First, we evaluate performance of our RENDEZVOUS in terms of time consumption. We compare time consumption when the actor randomly walks until it finds an event area (referred to as Random Walk hereafter) and when the actor purely uses the mobility control based on Reinforcement Learning to find an event area (referred to as Reinforcement Learning hereafter), to time consumption when the actor and sensors use RENDEZVOUS.
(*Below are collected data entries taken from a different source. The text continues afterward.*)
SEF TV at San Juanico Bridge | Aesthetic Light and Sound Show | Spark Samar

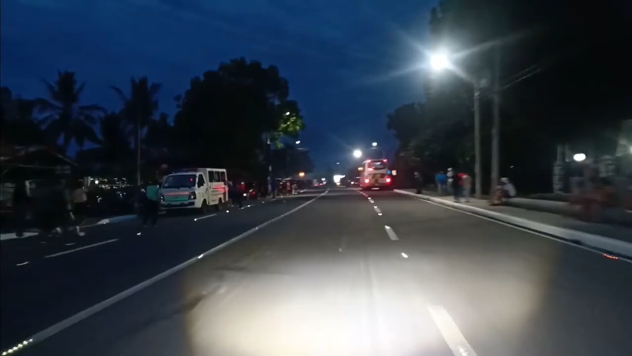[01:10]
Oh! Daming nanonood mga idol oh!
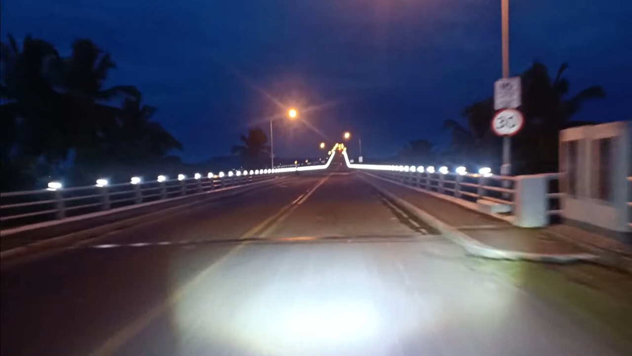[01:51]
nakadaan tayo mga idol, nakadaan dito yan sa San Juanico Bridge.
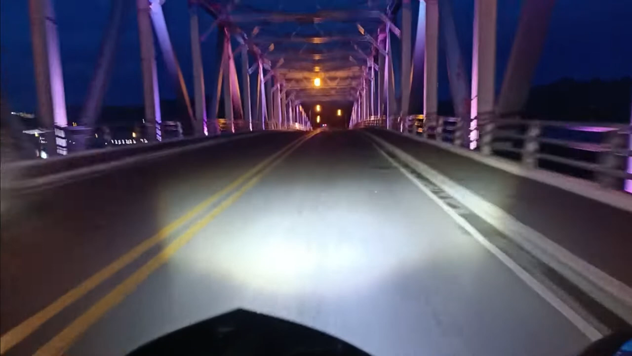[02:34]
Oh, dami ng nakabang dito sa mga idol.
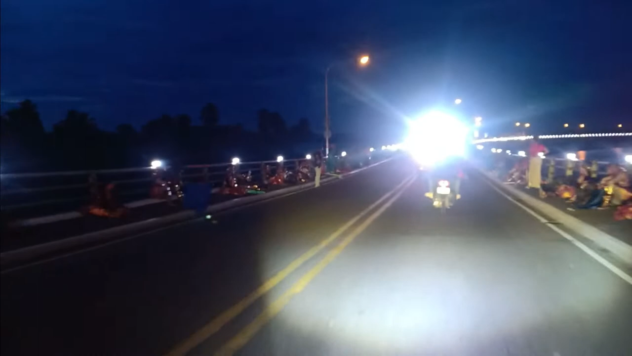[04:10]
No, maki-highlight tayo mga idol nang makita nyo sila. Grabe oh! Oh, birti ang ganda po nila. Uy! Oh!
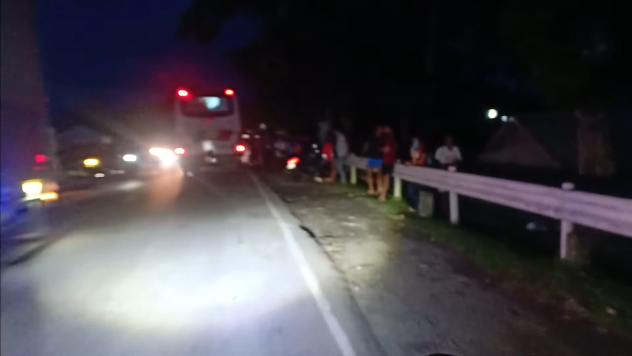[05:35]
Ayan po sila mga idol, oh. Maraming nanonood ngayon mga idol. Ops, ops, ay, sorry, sir.
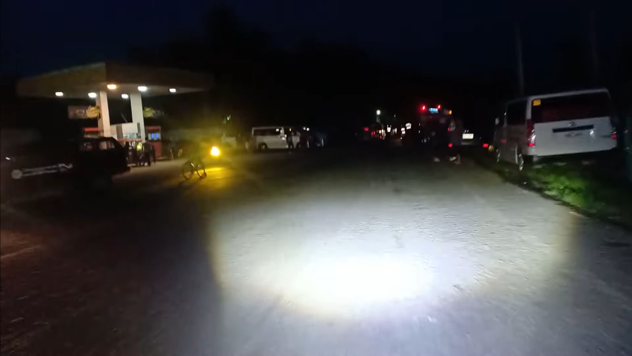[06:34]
At mamaya ba po yan mga idol, grabe. Kadami talaga.
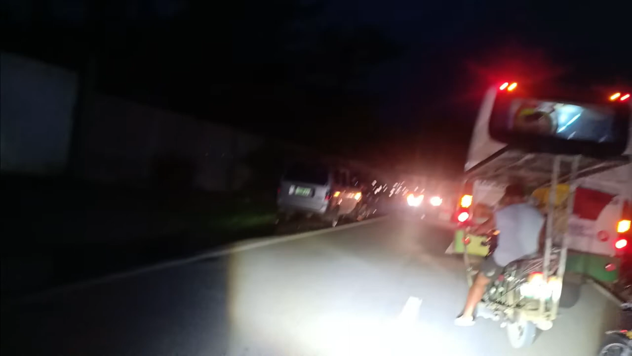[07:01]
Hindi tayo makadali ngayon, idol. Dito sila, oh, grupo. Uy, mga taga-FEMA pala ito, mga idol.
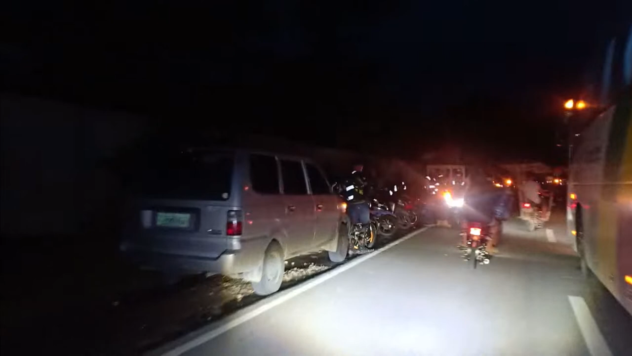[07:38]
Dito yung mga riders, grabe, ang dami nila mga idol. Ang dami nila.
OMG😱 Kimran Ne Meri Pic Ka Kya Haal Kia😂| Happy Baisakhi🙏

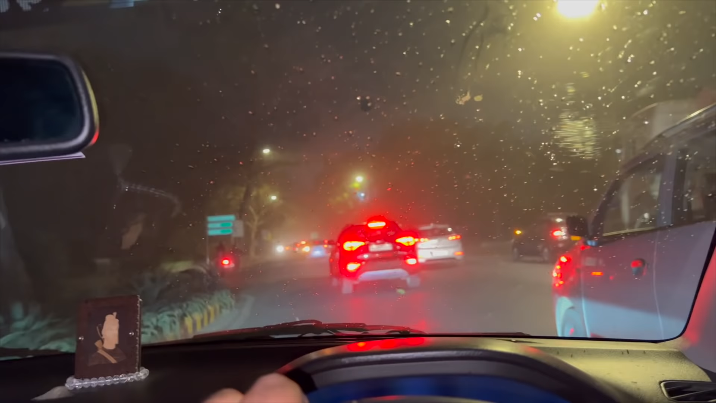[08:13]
मतलब एकदम से मौसम देखो कैसे पलटी खा गया, एकदम आंधी आ गई और हल्की हल्की बारिश आ गई, जिस चीज की मतलब इतने दिनों से बहुत ज्यादा जरूरत थी कि बारिश हो जाए।

Figure 7 shows the time consumption of actor migration with Random Walk, Reinforcement Learning, RENDEZVOUS, respectively in a different size of networks including 700–1,000 nodes. As we can see the results, RENDEZVOUS always outperforms other two methods. We conclude that the actor is able to find an event area in less time by using our proposed algorithm.

Fig. 7
figure 7

Time consumption

Second, we evaluate the cache using RENDEZVOUS when changing the total number of sensor nodes in the network. Figure 8 is showing that even introducing ant mimic searching, the cache space is required as an acceptable level.

Fig. 8
figure 8

Cache when use RENDEZVOUS

Lastly, we evaluate the energy consumption of the network by varying the number of sensor nodes. In addition to Reinforcement Learning, we also compare the energy consumption when the network uses a broadcast strategy (hereafter referred to as Broadcast) to notify the actor of a location of the event area. As shown in Fig. 9, the energy consumption of Broadcast is much larger than other two because all sensor nodes in the network get involved to pass packets to inform the event location originating from a sensor node which detected the event. On the other hand, RENDEZVOUS only requires to use a part of sensor nodes in the vicinity of the event area and the energy consumption induced by RENDEZVOUS is neglectable. The results indicate that the sensor energy can be saved while satisfying the actor to take less time to transit to the event area.

Fig. 9
figure 9

Energy consumption

We also evaluate the energy dispersion of the sensor nodes in each method. This metric is one of the most important factors for sensor networks since unbalanced use of energy results in emerging unobservable areas in the network and narrowing the network coverage. Figure 10 shows the standard deviation (SD) of the energy consumption of each node in the whole network. As we can see, both Reinforcement Learning and RENDEZVOUS effectively distribute energy in the network comparing to Broadcast. Performance of Reinforcement Learning is slightly better than RENDEZVOUS. The reason of that is some sensor nodes close to the event area consume more energy than others because they get involved in delivering ant messages in RENDEZVOUS. Meanwhile, in Reinforcement Learning, each sensor node consumes energy more evenly since the actor communicates with sensor nodes on a route path of its migration. However, according to the result shown in Fig. 9, the SD of the energy consumption in RENDEZVOUS is still acceptable and leads us to conclude that RENDEZVOUS is enough effective for energy dispersion in the network.

Fig. 10
figure 10

CDF of the range where the actor migrates in a large-sized area

6 Conclusion and future work

In this paper, we have proposed RENDEZVOUS for fast event detecting in Wireless Sensor and Actor Networks. Extensive simulation analysis demonstrated the performance of our proposed scheme that achieving both time- and energy-effectiveness. For our future work, we will consider multi-actors’ mobility control to deal with several events occurring simultaneously regarding velocity of each actor, propensity of each event, and mutual correlation of the both metrics.